The unintended result of the piece is to offer up Christensen as a punching bag to a certain segment of readers. Lots of them availed themselves of the opportunity. The article has sparked a healthy number of comments, almost all of which pile scorn on the paper in general and Christensen in particular. OK, the Edwards saga wasn’t the N&O’s finest moment, but Christensen deserves better than this. I’ve known Rob for a long time, and call him a friend. He’s a fine reporter, scrupulously fair and nonpartisan, well-mannered in a profession where social grace is rare, generous in his judgments of others, and a guy more interested in understanding issues than adding a scalp to his belt. (Again, a rare quality in the news business.)

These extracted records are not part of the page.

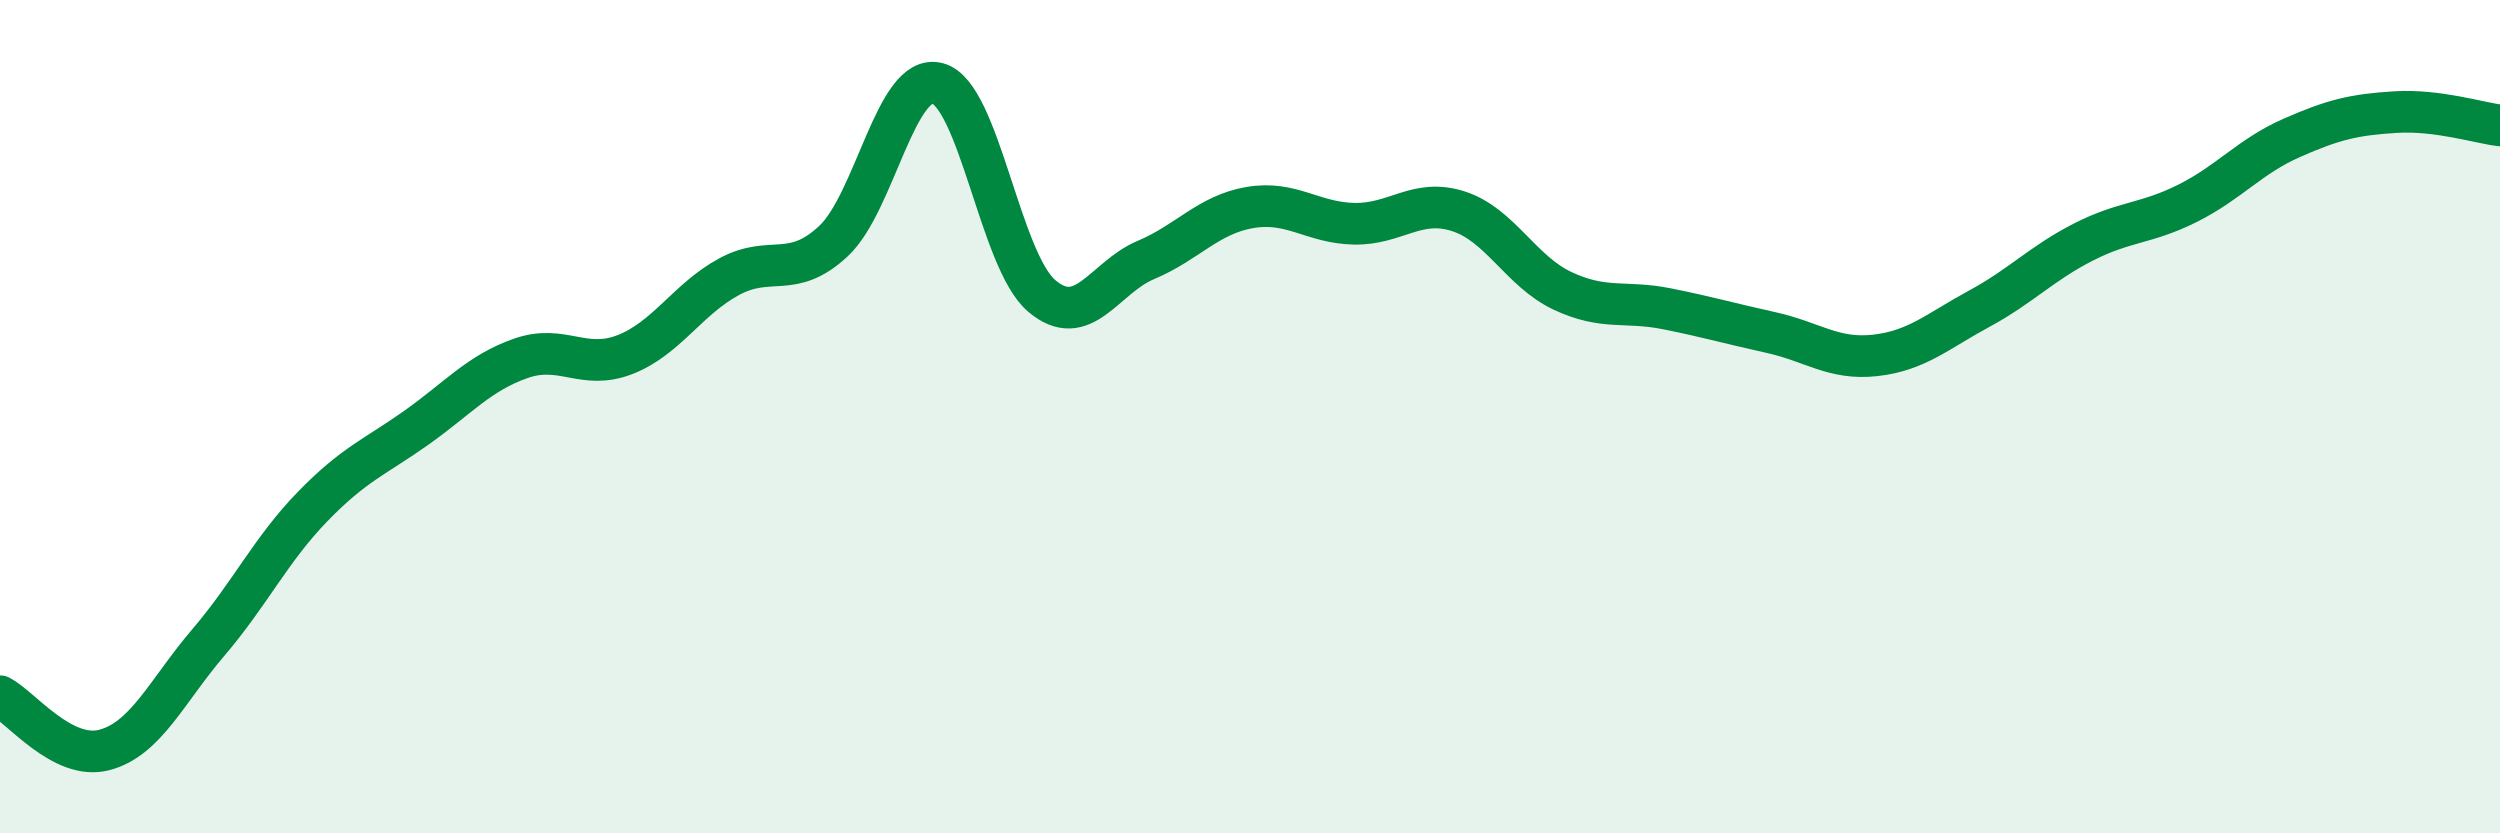 
    <svg width="60" height="20" viewBox="0 0 60 20" xmlns="http://www.w3.org/2000/svg">
      <path
        d="M 0,16.71 C 0.5,16.97 1.5,18.26 2.5,18 C 3.5,17.74 4,16.59 5,15.42 C 6,14.25 6.5,13.19 7.5,12.16 C 8.5,11.13 9,10.97 10,10.26 C 11,9.55 11.5,8.95 12.5,8.6 C 13.5,8.25 14,8.9 15,8.51 C 16,8.12 16.5,7.18 17.5,6.64 C 18.5,6.1 19,6.72 20,5.79 C 21,4.86 21.5,1.74 22.5,2 C 23.5,2.26 24,6.25 25,7.1 C 26,7.95 26.5,6.66 27.5,6.24 C 28.5,5.82 29,5.15 30,4.98 C 31,4.81 31.5,5.35 32.5,5.37 C 33.5,5.39 34,4.75 35,5.07 C 36,5.39 36.5,6.51 37.5,6.98 C 38.5,7.45 39,7.21 40,7.41 C 41,7.61 41.5,7.76 42.5,7.98 C 43.5,8.2 44,8.64 45,8.53 C 46,8.42 46.5,7.95 47.5,7.41 C 48.5,6.87 49,6.32 50,5.81 C 51,5.3 51.5,5.38 52.5,4.88 C 53.5,4.38 54,3.75 55,3.31 C 56,2.87 56.5,2.75 57.5,2.69 C 58.5,2.63 59.5,2.95 60,3.01L60 20L0 20Z"
        fill="#008740"
        opacity="0.1"
        stroke-linecap="round"
        stroke-linejoin="round"
      />
      <path
        d="M 0,16.71 C 0.5,16.97 1.5,18.26 2.5,18 C 3.5,17.74 4,16.59 5,15.42 C 6,14.25 6.5,13.19 7.5,12.16 C 8.5,11.13 9,10.97 10,10.26 C 11,9.55 11.5,8.95 12.5,8.6 C 13.5,8.25 14,8.9 15,8.51 C 16,8.12 16.5,7.18 17.5,6.64 C 18.5,6.1 19,6.72 20,5.79 C 21,4.86 21.5,1.74 22.5,2 C 23.5,2.26 24,6.25 25,7.1 C 26,7.95 26.5,6.66 27.5,6.24 C 28.5,5.82 29,5.15 30,4.98 C 31,4.81 31.5,5.35 32.5,5.37 C 33.5,5.39 34,4.75 35,5.07 C 36,5.39 36.5,6.51 37.5,6.98 C 38.5,7.45 39,7.21 40,7.41 C 41,7.61 41.5,7.76 42.5,7.98 C 43.5,8.2 44,8.64 45,8.53 C 46,8.42 46.5,7.95 47.5,7.41 C 48.5,6.87 49,6.32 50,5.81 C 51,5.3 51.5,5.38 52.5,4.88 C 53.5,4.38 54,3.75 55,3.31 C 56,2.87 56.5,2.75 57.5,2.69 C 58.5,2.63 59.5,2.95 60,3.01"
        stroke="#008740"
        stroke-width="1"
        fill="none"
        stroke-linecap="round"
        stroke-linejoin="round"
      />
    </svg>

In short, the notion that Christensen was in the tank for Edwards is absurdly, totally wrong. But as I read his piece Sunday, I realized there is something conspicuously missing from the article. What do you notice, for instance, about this passage:
As early as 2003, I asked Edwards about a rumored affair from his days as a big-time trial lawyer. Edwards denied it. His campaign spokeswoman called my boss to complain that in all of the years of working in the Clinton White House she had never heard such off-base questions. One of his chief political advisers threw me out of his office the next day.
Or this one:
The News & Observer and The Charlotte Observer pursued the story from the beginning, sending reporters to New Jersey and California to follow leads. But the story was a dead end because no one was talking, and Edwards and his staff were denying everything.

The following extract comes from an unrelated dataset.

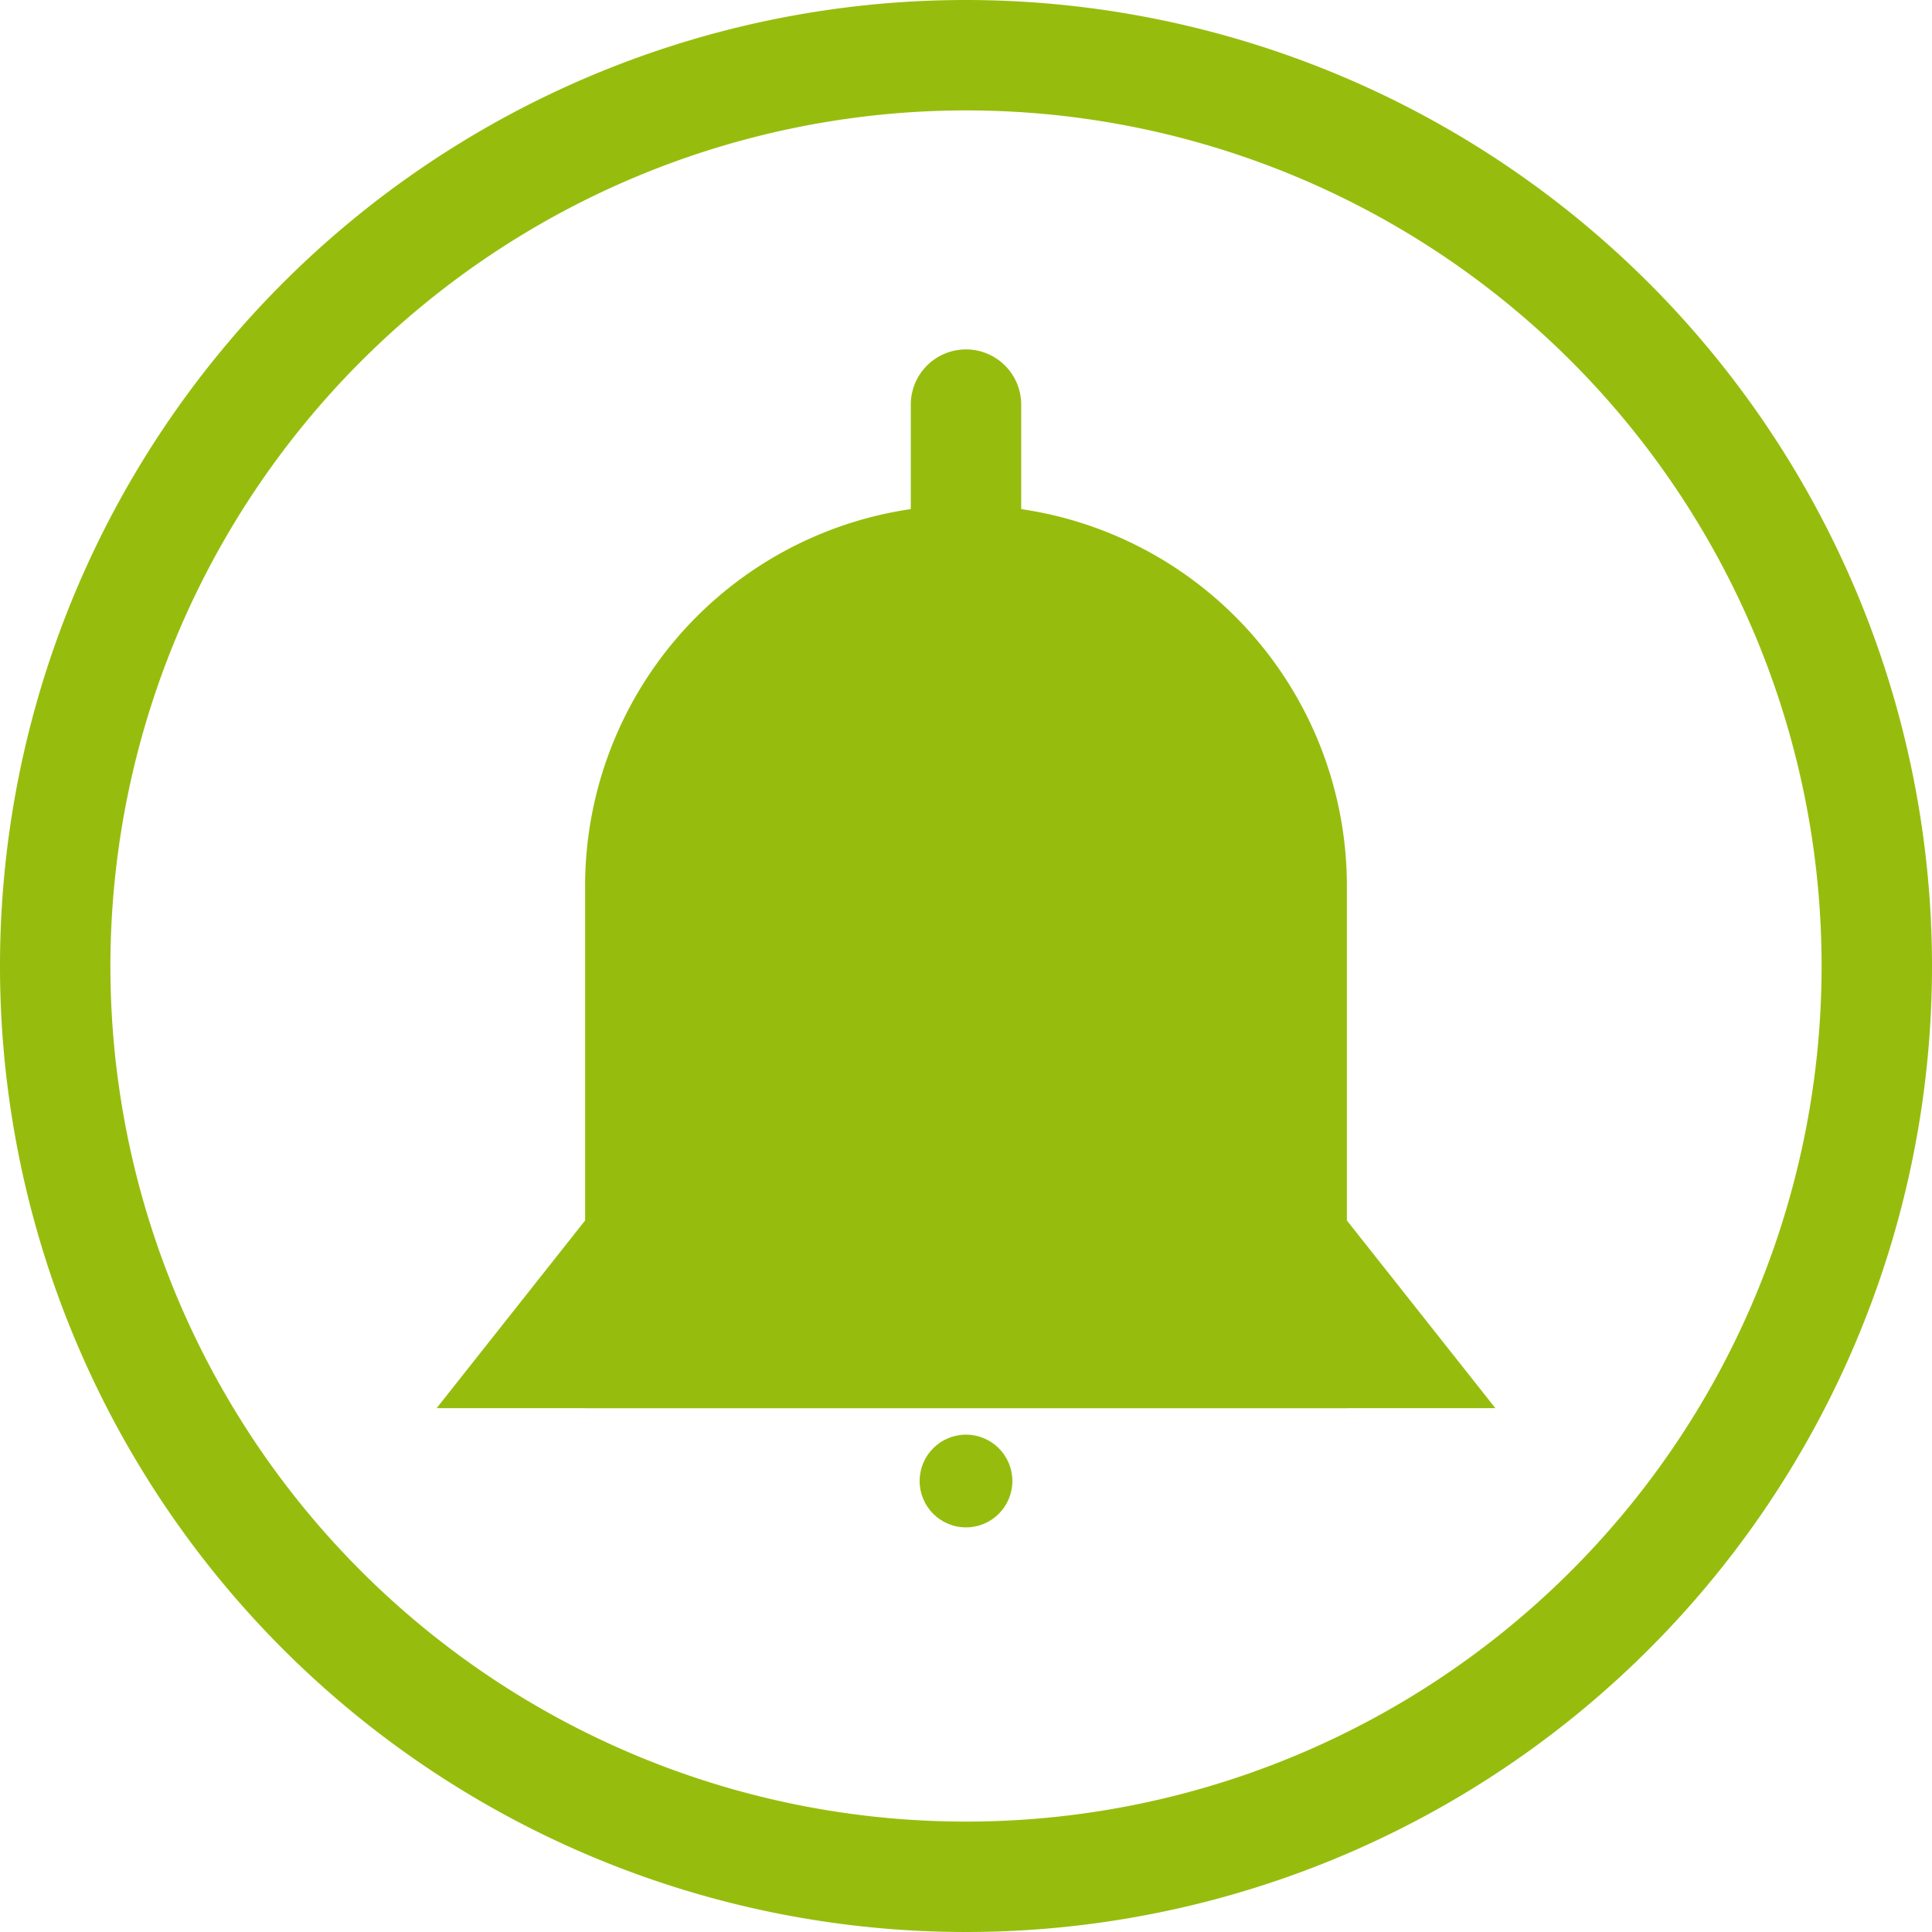 <svg id="Ebene_1" data-name="Ebene 1" xmlns="http://www.w3.org/2000/svg" width="35" height="35" viewBox="0 0 35 35"><defs><style>.cls-1{fill:#96bd0d;}</style></defs><path class="cls-1" d="M17.5,2A15.5,15.5,0,1,1,2,17.5,15.51,15.51,0,0,1,17.5,2m0-2A17.5,17.5,0,1,0,35,17.5,17.51,17.51,0,0,0,17.5,0Z"/><path class="cls-1" d="M17.5,9.15h0a6.9,6.9,0,0,1,6.9,6.9v9.46a0,0,0,0,1,0,0H10.6a0,0,0,0,1,0,0V16.05a6.9,6.9,0,0,1,6.9-6.9Z"/><polygon class="cls-1" points="27.09 25.51 24.4 22.11 10.6 22.11 7.91 25.51 27.09 25.51"/><path class="cls-1" d="M17.5,11a1,1,0,0,1-1-1V7.33a1,1,0,1,1,2,0V10A1,1,0,0,1,17.5,11Z"/><circle class="cls-1" cx="17.5" cy="26.83" r="0.84"/></svg>

I’ll tell you what I notice: None of Edwards’ staffers and advisers — who either knew their boss was philandering or strongly suspected it — is named. That’s a mistake. Whoever those people are, they aided or tolerated a coverup. Why do they now get the courtesy of anonymity?
Shoe, meet other foot
February 22nd, 2010I never take anything with me to read when I go to the gym for my thrice-weekly session with the stationary bike. Instead, the gym’s magazine rack serves as a kind of reading lottery — I take whatever it offers on any particular morning. One day last week, my best choice was a dog-eared copy of the June 29, 2009 issue of The New Yorker, which contained a profile of James Hansen, the director of NASA’s Goddard Institute for Space Studies and a leading climate-change activist. This passage from the article stood out:
Speaking before a congressional special committee last year, Hansen asserted that fossil-fuel companies were knowingly spreading misinformation about global warming and that their chairmen “should be tried for high crimes against humanity and nature.” He has compared freight trains carrying coal to “death trains,” and wrote to the head of the National Mining Association, who sent him a letter of complaint, that if the comparison “makes you uncomfortable, well, perhaps it should.”
What a difference eight months makes. Now that we know a significant amount of misinformation about global warming originated with the Intergovernmental Panel on Climate Change, I wonder if Hansen believes his fellow activist, IPCC chairman Rajendra K. Pachauri, should likewise be tried for high crimes against humanity and nature? If that thought disturbs Hansen, well, perhaps it should.